Capacité à se mobiliser pour défendre ses intérêts (document 3).

       B-Les inégalités continuent de structurer la société en groupes hiérarchisés

    • Il existe encore de grandes inégalités d’espérance de vie selon les catégories socio-professionnelles. Un ouvrier de 35 ans a 6 ans de moins d’espérance de vie qu’un cadre de sa génération. L’écart est encore plus grand avec les inactifs. En 2009-2013, un inactif de 35 ans avait une espérance de vie de 78 ans alors qu’un cadre pouvait espérer souffler sa 84ème bougie (document 1).
    • Rappeler que les inégalités sont cumulatives : logement, santé, revenu, patrimoine, culturelles, etc. Document 4 : inégalités de patrimoine. · Préciser que les inégalités ont au minimum cessé de se réduire depuis trente ans, voire même recommencent à se creuser.

Critères objectifs permettant de définir une classe sociale demeurent repérables.
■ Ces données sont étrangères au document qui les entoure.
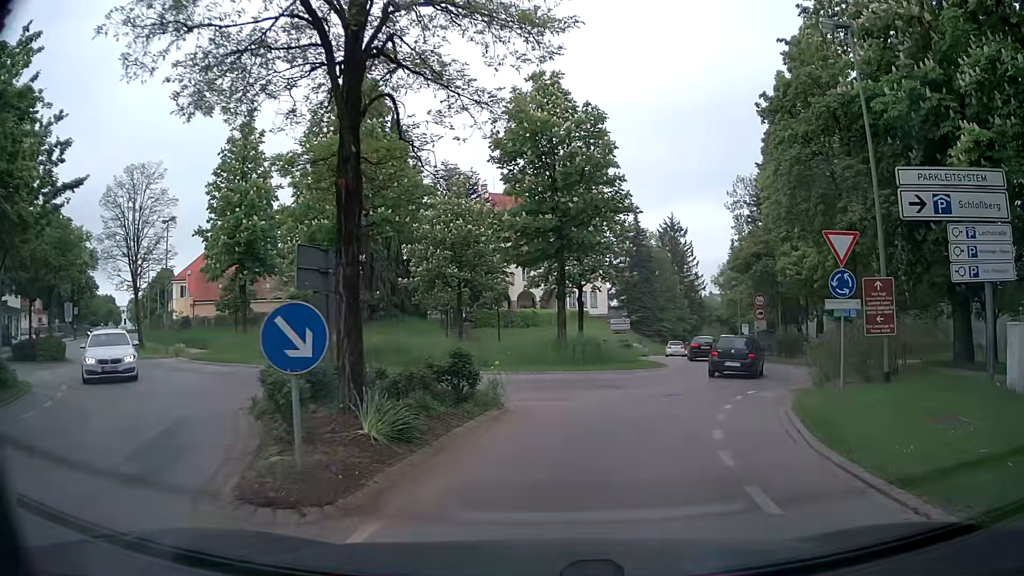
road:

       C- La place des catégories populaires dans la structure sociale demeure caractéristique et elles n’ont pas perdu toute conscience de classe

    • Place caractéristique dans les rapports de production : ouvriers + employés = salariat d’exécution. Peu d’autonomie, peu de prestige. Exposés au chômage et à la précarité. Rapport précaire à l’avenir. Donc intérêts communs à défendre. (Document 4)
    • Forte reproduction sociale : développer analyse en termes de capital culturel, la question de l’école.
    • Conscience de classe et mobilisation persistent. La conscience de classe n’a pas totalement disparu. Une grande partie de la population exprime toujours le sentiment d’appartenirà une classe sociale : c’est le cas de 65 % des individus interrogés en 2015 dans l’enquête TNS-Sofres. Ce chiffre a même tendance à augmenter ; il s’élevait à 61 % en 1966. (Document 3)
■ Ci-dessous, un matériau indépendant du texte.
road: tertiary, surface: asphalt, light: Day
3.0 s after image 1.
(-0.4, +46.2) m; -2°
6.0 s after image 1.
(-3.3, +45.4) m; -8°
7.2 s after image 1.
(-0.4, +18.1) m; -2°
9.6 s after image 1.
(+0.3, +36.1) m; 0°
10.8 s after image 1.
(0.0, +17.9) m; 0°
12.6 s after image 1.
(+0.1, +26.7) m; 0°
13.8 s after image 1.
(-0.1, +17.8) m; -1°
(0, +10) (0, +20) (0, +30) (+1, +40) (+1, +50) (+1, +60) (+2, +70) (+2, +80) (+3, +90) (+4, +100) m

En effet, les cadres et professions intellectuelles supérieures ont en moyenne un salaire 2,4 fois supérieur à celui des ouvriers. Par ailleurs, ces inégalités économiques sont aussi sociales. En effet,

Exemple de conclusion :

Certaines évolutions depuis les Trente glorieuses – moyennisation, nouveaux critères de différenciation, affaiblissement de la conscience de classe et des mobilisations – ont pu laisser penser que l’analyse en termes de classes sociales n’était plus pertinente pour étudier la structure sociale. Mais la persistance d’inégalités cumulatives – voire leur creusement depuis une trentaine d’années – ainsi que la reproduction sociale permettent de mettre en évidence l’existence d’une hiérarchie entre groupes sociaux. Il existe donc toujours des critères objectifs permettant de repérer des classes en soi à partir d’une même place dans les rapports de production (K. Marx), par le fait que leurs membres partagent une situation économique et des chances de vie communes (M. Weber) ou par une même place dans l’espace social (P. Bourdieu). Par ailleurs, les membres de la bourgeoisie continuent d’avoir une réelle conscience de leurs intérêts communs et savent se mobiliser pour les défendre : ils forment donc une classe pour soi au sens de K. Marx, c’est-à-dire une classe mobilisée qui agit comme un acteur collectif. Cependant, ce recul de la dimension politique des classes sociales n’est-il qu’une parenthèse ? D’après L. Chauvel, la situation actuelle se caractérise par une aggravation des inégalités qui pourrait déboucher vers un renouveau des « identités de classe », donc d’une conscience de classe partagée par tous les perdants du système économique et social actuel.